— И хуже всего, что я до сих пор не могу понять, как же надо было действовать. Тебе, наверно, это покажется смешным? Полтора года прошло, а я по сей день не сплю ночами, все думаю, думаю… Что надо было делать? То ли выхода не существовало, и я был обречен на поражение, то ли выход есть, но я глуп и неспособен и не видел его… да и до сих пор не вижу…
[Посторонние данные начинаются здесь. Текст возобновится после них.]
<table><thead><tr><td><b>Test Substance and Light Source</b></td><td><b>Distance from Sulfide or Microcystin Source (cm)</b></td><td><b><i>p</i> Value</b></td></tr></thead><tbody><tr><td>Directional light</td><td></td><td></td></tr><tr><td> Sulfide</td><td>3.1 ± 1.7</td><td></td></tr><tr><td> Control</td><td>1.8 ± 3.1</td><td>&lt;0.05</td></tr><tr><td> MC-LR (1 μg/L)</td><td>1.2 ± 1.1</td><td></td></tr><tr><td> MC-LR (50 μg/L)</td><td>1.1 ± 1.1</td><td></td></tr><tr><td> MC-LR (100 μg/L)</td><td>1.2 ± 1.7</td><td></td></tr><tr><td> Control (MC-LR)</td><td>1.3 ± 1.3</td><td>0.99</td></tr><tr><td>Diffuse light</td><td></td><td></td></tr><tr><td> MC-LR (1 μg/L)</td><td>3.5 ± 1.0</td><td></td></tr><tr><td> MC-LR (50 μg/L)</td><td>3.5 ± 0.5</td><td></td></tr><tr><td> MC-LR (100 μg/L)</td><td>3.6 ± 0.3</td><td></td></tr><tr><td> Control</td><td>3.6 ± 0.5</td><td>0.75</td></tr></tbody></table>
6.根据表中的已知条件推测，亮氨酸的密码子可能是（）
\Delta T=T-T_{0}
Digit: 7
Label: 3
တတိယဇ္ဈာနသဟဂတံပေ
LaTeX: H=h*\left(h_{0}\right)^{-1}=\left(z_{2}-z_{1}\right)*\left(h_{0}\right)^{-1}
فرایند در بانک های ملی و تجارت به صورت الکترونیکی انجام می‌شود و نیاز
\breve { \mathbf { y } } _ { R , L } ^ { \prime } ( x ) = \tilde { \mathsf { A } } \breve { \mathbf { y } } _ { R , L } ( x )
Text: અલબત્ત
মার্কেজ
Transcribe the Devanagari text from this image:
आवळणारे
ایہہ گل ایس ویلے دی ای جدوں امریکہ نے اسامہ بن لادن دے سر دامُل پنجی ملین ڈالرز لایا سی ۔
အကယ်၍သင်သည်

— Надо было сохранить власть. Наверно.
— Как? Объясни мне, пожалуйста, как?
— Может, не стоило дразнить гусей?
— Если б на Большом собрании я не внес ни одного предложения, кроме того, чтобы отдать под суд Лайву и и прочих ближайших приспешников Изия, все кончилось бы точно так же. Не я, так кто-то другой поставил бы вопрос ребром: или — или. Они понимали, что вслед за Лайвой придется отвечать и им — всем по очереди. А не трогать Лайву? Извини, но по-моему избирательная справедливость хуже несправедливости, а правда, заплаткой пришитая на ложь, становится частью этой лжи и не вызывает доверия.
— Разве я сказал, что не надо было трогать Лайву? Собрание не надо было созывать, вот что.
— То есть законсервировать ситуацию? Терпеть эту шайку рядом с собой, во власти? До каких пор? Или ты забыл о Мстителях? Они ведь могли убить меня в любую минуту. Сам понимаешь, что это значило. Дело ведь не во мне. Совсем в другом. Нет меня, нет и большинства в Правлении, а значит, Главой Лиги становится их человек, и… И, как вы говорите, все возвращается на круги своя… Такая вот цепочка. А теперь скажи мне, где я ошибся.
— Не знаю. Честное слово, не знаю.
— И я не знаю. Дан! Положа руку на сердце… Как ты думаешь?.. Черт возьми! Помнишь — после Собрания? У тебя было лицо человека, способного на убийство.
— Помню, — ответил Дан не без смущения. — Ей-богу, будь у меня бластер, я прикончил бы Лайву, не задумываясь. Какое счастье, что бластера мне не дали!
— Да, естественно. Но если б он у тебя оказался, Лайва сейчас не делал бы того, что он делает. Я не к тому, что ты должен был его убить. Но может, мне следовало б наплевать на законы и законность, арестовать эту компанию, судить и поставить к стенке или хотя бы посадить? А? Возможно, я и сделал бы это, если б один раз уже не принес нравственность в жертву целесообразности.
— Ты об Изии?
— Да.
— По-моему, Изий получил то, что заслужил, — проворчал Дан. — И даже гораздо меньше. И вообще ты сделал то, что должен был сделать. И хватит об этом!
— Ты полагаешь?
— Маран, что с тобой? В последнее время ты стал… Ты слишком активно исповедуешь Евангелие от Мастера… не удивляйся, это не мое выражение — Поэта.
— Евангелие от Мастера? — задумчиво проговорил Маран. — Интересно. Может, и так. Наверно, с возрастом я стал лучше понимать Мастера. Хотя не знаю, отрекался ли я от него. Когда-либо.
Он прикрыл глаза, словно пытаясь припомнить. Дан не выдержал.
— Маран, — сказал он с опаской, — ты не обидишься, если я задам тебе один вопрос? Впрочем, можешь не отвечать, если не захочешь.
Маран посмотрел на него с удивлением.
— Что за странное предисловие? О чем речь?
— Помнишь разговор в баре? До того, как вы с Поэтом помирились? После концерта.
— Ну?
— Поэт упрекнул тебя. Он сказал, что ты не пришел на похороны Мастера. Это правда?
— Правда.
Маран сунул руки в карманы и, чуть ссутулившись, прошелся по каюте в одну сторону, в другую — мимо напряженно молчавшего Дана. Потом вернулся и сел напротив.
— Что ты так на меня смотришь? Меня не было в Бакне, я узнал о случившемся наутро в день похорон и успеть на них никак не мог. Даже на усиленном мобиле Охраны.
— Почему же ты не сказал об этом там?
— Потому что я виноват, Дан. Потому что я непростительно виноват. Потому что в последние полгода жизни Мастера я почти не приходил к нему. Может, раз или два. Я тогда был полным идиотом. Спаситель отечества! Кретин! А Мастер… Мастер уже все понял. Хотя Изий только-только пришел к власти.
— Но ведь Изий не сразу превратился в того тирана, каким стал под конец?